(Excerpted records Opens)

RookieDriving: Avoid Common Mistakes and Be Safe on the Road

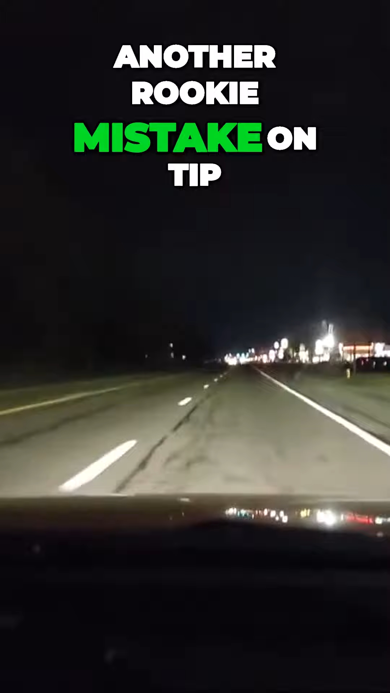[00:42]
mistake or tip you see these fat food places king of burgers
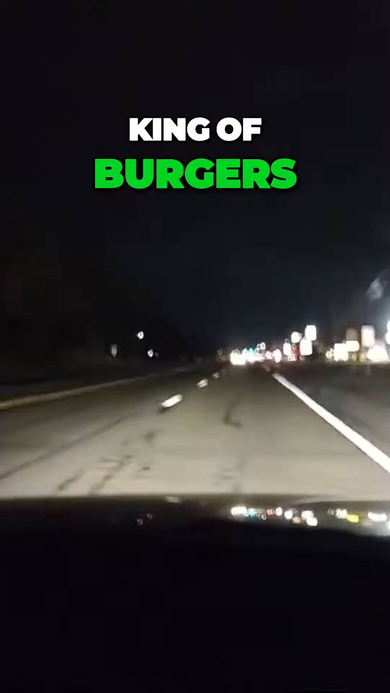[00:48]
arby's mcdonald's not paying attention
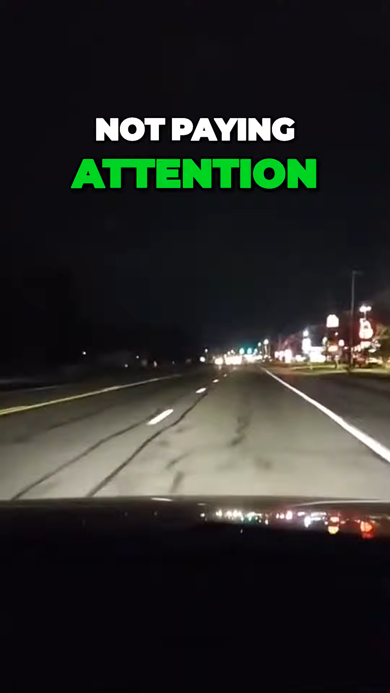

(Excerpted records Closes)

> _Aim of the exercise_
Once the pictures are set aside, write out the entries verbatim.

> _Completed exercise_
RookieDriving: Avoid Common Mistakes and Be Safe on the Road

[00:42]
mistake or tip you see these fat food places king of burgers
[00:48]
arby's mcdonald's not paying attention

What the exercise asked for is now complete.